Forscher des Deutschen Zentrums für Luft– und Raumfahrt (DLR) in Göttingen haben eine Möglichkeit gefunden, Hubschrauber manövrierfähiger zu machen. In einem weltweit einmaligen Windkanal-Experiment haben sie durch Löcher in den Rotorblättern Luft ausgeblasen und damit die Strömung aktiv beeinflusst.

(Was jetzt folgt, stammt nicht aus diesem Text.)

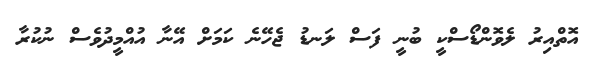
އޮތްއިރު ލެވޮންޑޯސްކީ ބުނީ ފަސް ލަނޑު ޖެހޭނެ ކަމަށް އޭނާ އުއްމީދުވެސް ނުކުރާ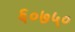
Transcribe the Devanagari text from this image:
६०७५०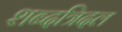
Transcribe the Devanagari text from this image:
शब्दत्रिदल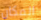
المكان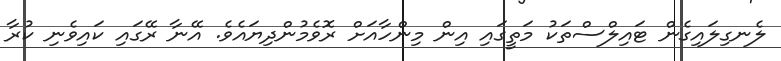
ލެނގިލައިގެން ޓައިލްސްތަކު މަތީގައި އިން މިންހާއަށް ރޮވެމުންދިޔައެވެ. އޭނާ ރޭގައި ކައިވެނި ކުރާ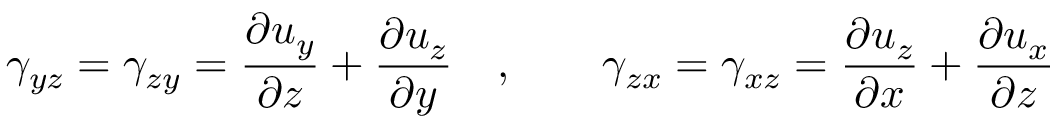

Dem Rotor verdankt der Hubschrauber seine besondere Fähigkeit, senkrecht starten und landen zu können. Er bringt aber gleichzeitig aerodynamische Nachteile mit sich. An dem Blatt des Hauptrotors eines Hubschraubers, das sich gerade nach hinten bewegt, reißt im schnellen Vorwärts- oder Manöverflug die Luftströmung ab – es kommt zum so genannten „Dynamic Stall“. Dadurch entstehen Wirbel, Auftrieb geht verloren und große Kräfte wirken auf den Rotor. Der Luftwiderstand erhöht sich und die Steuerstangen am Rotorkopf sind enormen Belastungen ausgesetzt.
Gummihammer statt Vorschlaghammer
"Das ist, als ob jemand mit einem Vorschlaghammer auf den Rotor schlägt", erklärt Dr. Anthony Gardner vom DLR-Institut für Aerodynamik und Strömungstechnik. Die Folge: Die Höchstgeschwindigkeit und die Manövrierfähigkeit von Hubschraubern werden begrenzt, besonders in großen Flughöhen.
Die Idee der Göttinger Forscher wirkt wie eine Art aerodynamischer Dämpfer für die Hubschrauberrotoren: Durch kleine Löcher im Rotor wird Luft nach außen gedrückt. Dies vermindert die Stärke der schädlichen Verwirbelungen beim Strömungsabriss. Die auf den Rotor wirkenden Nickmomente, die die Leistung einschränken, können so deutlich verringert werden. "Bei schwierigen Flugmanövern könnte der Pilot es kurzzeitig einschalten." Dann, so Gardner, schlägt die Aerodynamik quasi nicht mehr mit einem Vorschlaghammer, sondern nur noch mit einem Gummihammer auf den Rotor.
Einmaliges aerodynamisches Experiment – Supercomputer nötig
Die Idee, die Aerodynamik von Flugzeugen durch Ausblasen von Luft aktiv zu beeinflussen, ist nicht neu. Bereits in den 40er Jahren beschäftigten sich Göttinger Forscher damit. Jetzt haben ihre Nachfolger erstmals erfolgreich nachgewiesen, dass die Idee bei Hubschraubern funktioniert – in einem Windkanalexperiment unter realistischen Bedingungen. "Dieses Experiment ist das Aufwendigste, das bisher weltweit auf dem Gebiet der Dynamic-Stall-Kontrolle stattgefunden hat", sagt Dr. Kai Richter vom DLR-Institut für Aerodynamik und Strömungstechnik. Er leitet das Projekt STELAR (Stall and Transition on Elastic Rotor Blades), das zusammen mit dem DLR-Institut für Aeroelastik durchgeführt wurde.
Vor kurzem hatten die Göttinger DLR-Forscher bereits eine passive Strömungsbeeinflussung getestet, bei dem die Beulen des Buckelwals als Vorbild dienten. "Erst in jüngster Zeit haben wir die Computerpower um zu berechnen, wie ein solches Windkanalmodell aussehen muss", so Gardner. Die scheinbar einfache Frage, wie groß Abstand und Größe der Löcher sein müssen, um einen positiven Effekt zu erzielen, konnte mit Hilfe der Supercomputer des DLR geklärt werden.